Los siete países más industrializados del mundo, entre ellos Canadá y Japón, acordaron aportar casi veinte mil millones de euros en ayudas a la economía de Ucrania. Es un gesto más de aislamiento y presión frente a la invasión de Rusia. La decisión tiene un valor simbólico, aunque reafirma la unidad del bloque occidental de rechazo a la ofensiva bélica iniciada por Vladímir Putin que todavía parece lejos de concluir. La cuestión es cuánto durará el pulso económico, diplomático y social en esta guerra. Moscú se muestra insensible, de momento, al bloqueo con la esperanza de que la demanda del gas y del petróleo de la Unión Europea hará ceder el cerco y admitir sus exigencias territoriales.
Estrategia errática.
Resulta paradójico que la estrategia y objetivos de Putin en Ucrania todavía sean un misterio. Las especulaciones iniciales –forzar un cambio de Gobierno sometido al Kremlin– han quedado descartadas y ahora todo parece indicar que pretende consolidar las anexiones de las regiones del Donbás y Crimea. Los avances bélicos, el último en Mariúpol, se logra tras cruentos enfrentamientos de las tropas y con severas bajas por ambos bandos. Nada se sabe de cómo está asimilando la sociedad rusa el goteo de bajas que está provocando la guerra.
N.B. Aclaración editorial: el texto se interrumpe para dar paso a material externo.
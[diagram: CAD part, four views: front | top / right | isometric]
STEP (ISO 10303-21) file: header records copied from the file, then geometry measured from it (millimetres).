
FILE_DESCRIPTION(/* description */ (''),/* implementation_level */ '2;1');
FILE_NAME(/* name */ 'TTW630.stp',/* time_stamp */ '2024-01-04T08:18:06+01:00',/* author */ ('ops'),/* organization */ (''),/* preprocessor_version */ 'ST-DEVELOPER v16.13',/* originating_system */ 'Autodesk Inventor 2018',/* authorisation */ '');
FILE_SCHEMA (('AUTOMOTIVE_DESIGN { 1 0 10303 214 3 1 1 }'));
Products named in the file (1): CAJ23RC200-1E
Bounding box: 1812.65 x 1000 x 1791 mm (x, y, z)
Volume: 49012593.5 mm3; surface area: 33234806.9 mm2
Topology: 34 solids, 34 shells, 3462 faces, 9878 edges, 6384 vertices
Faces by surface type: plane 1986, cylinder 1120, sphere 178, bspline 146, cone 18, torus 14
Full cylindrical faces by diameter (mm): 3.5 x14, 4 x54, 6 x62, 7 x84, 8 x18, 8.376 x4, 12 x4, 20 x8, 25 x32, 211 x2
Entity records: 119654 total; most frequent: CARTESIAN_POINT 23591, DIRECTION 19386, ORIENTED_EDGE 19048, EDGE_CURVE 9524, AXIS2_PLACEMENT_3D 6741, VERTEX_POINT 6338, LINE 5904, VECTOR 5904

Es un aspecto que Putin silencia desde el primer momento; consciente de que este es uno de los puntos más frágiles de toda su escenificación del conflicto.
Alcanzar el límite.
La posición del G-7 supone un avance más en el intento de aislar y de debilitar a Putin desde los países occidentales. El gran gigante chino sigue, por el momento, manteniendo una posición de aparente equidistancia en una guerra cuyas consecuencias tienen un ámbito global, como ya ha advertido la ONU en referencia a la escasez de cereales procedentes del gran granero mundial que es el campo ucraniano.